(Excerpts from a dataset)
----------------------------------------

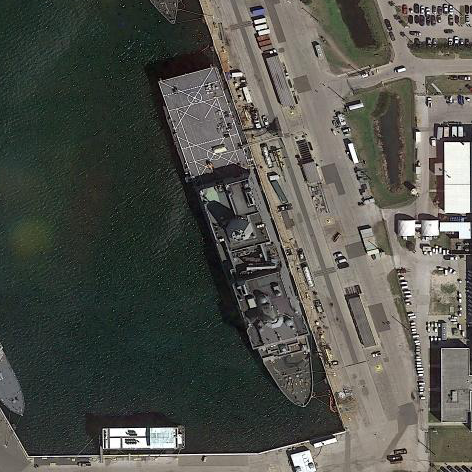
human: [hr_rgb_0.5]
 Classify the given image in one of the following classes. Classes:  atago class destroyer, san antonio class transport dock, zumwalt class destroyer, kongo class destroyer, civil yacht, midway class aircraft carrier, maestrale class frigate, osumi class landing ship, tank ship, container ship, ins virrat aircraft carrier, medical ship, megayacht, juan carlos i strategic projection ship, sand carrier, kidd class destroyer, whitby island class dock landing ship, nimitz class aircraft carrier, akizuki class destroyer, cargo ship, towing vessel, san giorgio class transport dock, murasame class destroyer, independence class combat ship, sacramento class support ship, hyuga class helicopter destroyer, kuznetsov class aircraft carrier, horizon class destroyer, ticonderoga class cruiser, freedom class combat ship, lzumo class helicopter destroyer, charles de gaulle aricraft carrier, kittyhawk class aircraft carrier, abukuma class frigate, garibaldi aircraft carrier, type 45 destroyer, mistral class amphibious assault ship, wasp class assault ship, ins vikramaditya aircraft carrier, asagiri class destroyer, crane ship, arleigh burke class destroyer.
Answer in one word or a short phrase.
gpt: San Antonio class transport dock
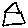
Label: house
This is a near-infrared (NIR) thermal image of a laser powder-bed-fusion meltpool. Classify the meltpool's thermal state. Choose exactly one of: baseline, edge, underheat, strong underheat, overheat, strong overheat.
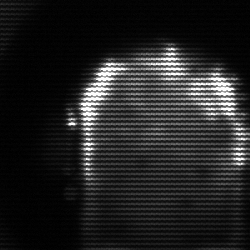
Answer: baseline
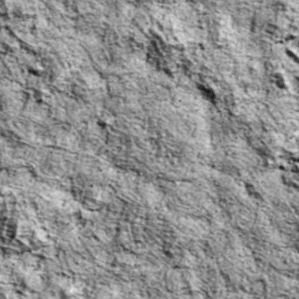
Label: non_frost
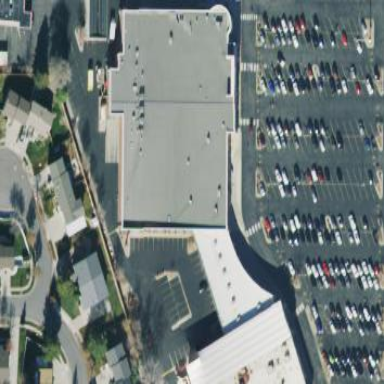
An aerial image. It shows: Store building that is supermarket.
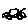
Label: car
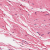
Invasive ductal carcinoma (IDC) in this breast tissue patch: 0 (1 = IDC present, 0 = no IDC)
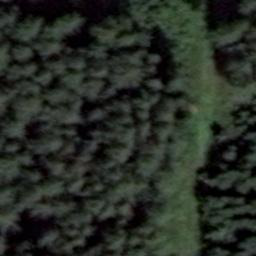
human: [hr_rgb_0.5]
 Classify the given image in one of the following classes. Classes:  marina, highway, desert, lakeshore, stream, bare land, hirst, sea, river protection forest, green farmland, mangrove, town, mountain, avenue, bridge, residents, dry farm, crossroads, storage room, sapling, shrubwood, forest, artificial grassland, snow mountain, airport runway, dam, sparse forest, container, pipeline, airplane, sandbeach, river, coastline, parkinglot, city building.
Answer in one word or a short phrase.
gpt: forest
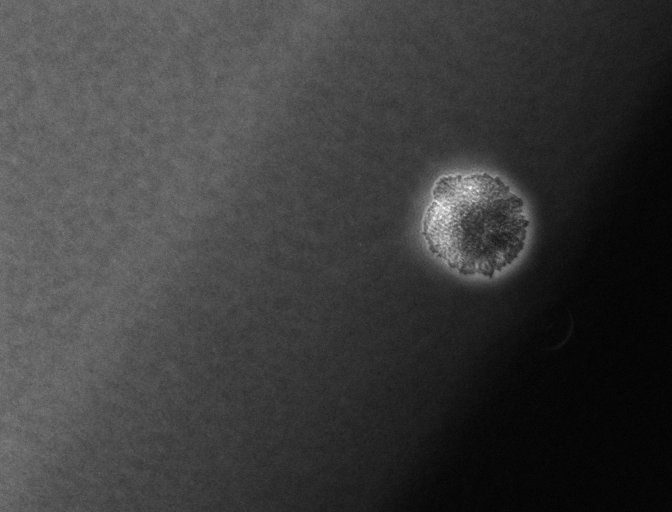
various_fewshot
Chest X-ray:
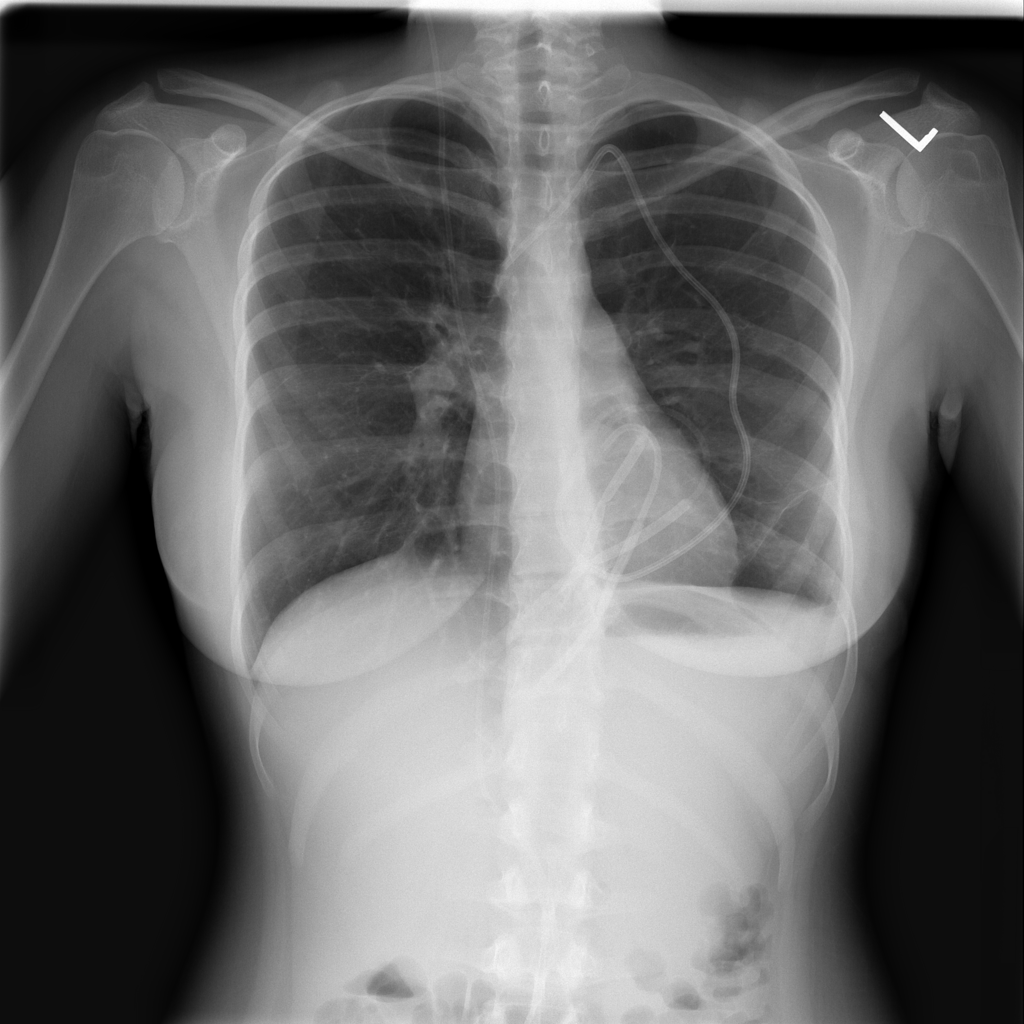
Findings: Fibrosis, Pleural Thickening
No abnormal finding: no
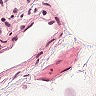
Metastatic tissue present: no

----------------------------------------

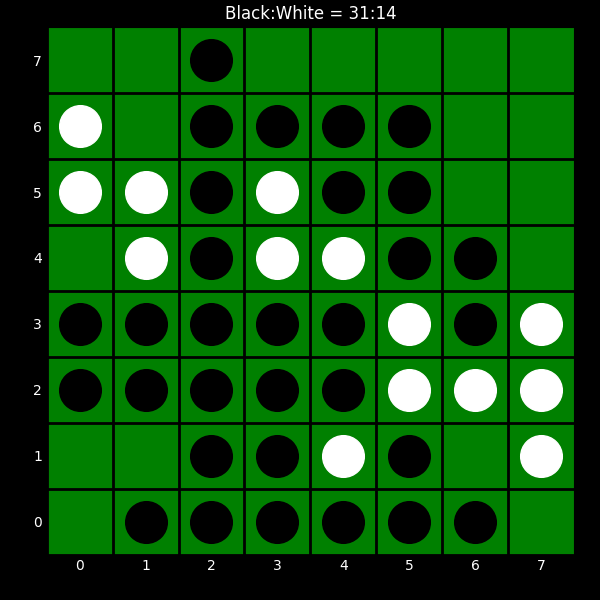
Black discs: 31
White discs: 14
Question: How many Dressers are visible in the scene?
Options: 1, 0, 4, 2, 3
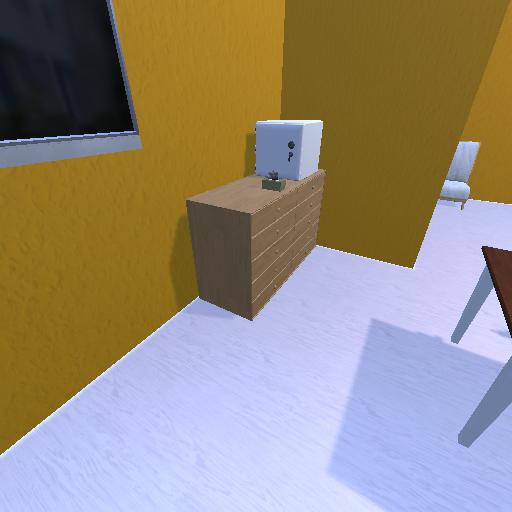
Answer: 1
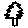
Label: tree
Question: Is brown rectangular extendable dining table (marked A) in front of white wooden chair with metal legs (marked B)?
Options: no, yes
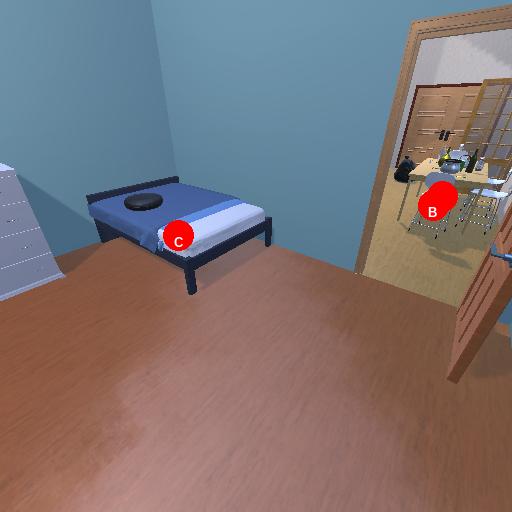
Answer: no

----------------------------------------

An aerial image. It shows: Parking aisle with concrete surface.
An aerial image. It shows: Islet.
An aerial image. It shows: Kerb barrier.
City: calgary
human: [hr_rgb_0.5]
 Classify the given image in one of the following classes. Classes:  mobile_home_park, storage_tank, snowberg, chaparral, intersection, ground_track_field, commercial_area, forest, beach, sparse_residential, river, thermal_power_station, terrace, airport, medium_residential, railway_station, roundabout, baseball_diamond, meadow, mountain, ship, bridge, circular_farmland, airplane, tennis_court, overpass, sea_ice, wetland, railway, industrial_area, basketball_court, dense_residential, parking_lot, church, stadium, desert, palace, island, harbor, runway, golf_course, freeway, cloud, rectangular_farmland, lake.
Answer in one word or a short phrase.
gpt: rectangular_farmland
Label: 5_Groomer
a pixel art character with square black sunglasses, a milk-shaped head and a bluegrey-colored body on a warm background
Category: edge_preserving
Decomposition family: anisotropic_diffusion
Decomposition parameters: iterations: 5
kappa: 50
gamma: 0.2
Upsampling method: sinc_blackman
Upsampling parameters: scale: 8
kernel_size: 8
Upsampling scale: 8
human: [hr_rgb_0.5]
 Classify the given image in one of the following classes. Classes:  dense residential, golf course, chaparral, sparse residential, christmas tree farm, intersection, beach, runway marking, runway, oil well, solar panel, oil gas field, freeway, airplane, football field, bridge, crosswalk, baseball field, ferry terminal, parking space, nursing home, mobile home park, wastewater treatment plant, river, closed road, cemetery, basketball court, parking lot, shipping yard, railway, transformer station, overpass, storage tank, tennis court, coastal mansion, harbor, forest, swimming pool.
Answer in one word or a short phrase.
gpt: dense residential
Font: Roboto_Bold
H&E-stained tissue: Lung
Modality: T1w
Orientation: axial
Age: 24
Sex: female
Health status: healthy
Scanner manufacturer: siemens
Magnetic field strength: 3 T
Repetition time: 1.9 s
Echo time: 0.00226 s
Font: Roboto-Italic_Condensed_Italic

----------------------------------------

From the data, collect all lines where the string "desert" appears.

 Classify the given image in one of the following classes. Classes:  marina, highway, desert, lakeshore, stream, bare land, hirst, sea, river protection forest, green farmland, mangrove, town, mountain, avenue, bridge, residents, dry farm, crossroads, storage room, sapling, shrubwood, forest, artificial grassland, snow mountain, airport runway, dam, sparse forest, container, pipeline, airplane, sandbeach, river, coastline, parkinglot, city building.
 Classify the given image in one of the following classes. Classes:  mobile_home_park, storage_tank, snowberg, chaparral, intersection, ground_track_field, commercial_area, forest, beach, sparse_residential, river, thermal_power_station, terrace, airport, medium_residential, railway_station, roundabout, baseball_diamond, meadow, mountain, ship, bridge, circular_farmland, airplane, tennis_court, overpass, sea_ice, wetland, railway, industrial_area, basketball_court, dense_residential, parking_lot, church, stadium, desert, palace, island, harbor, runway, golf_course, freeway, cloud, rectangular_farmland, lake.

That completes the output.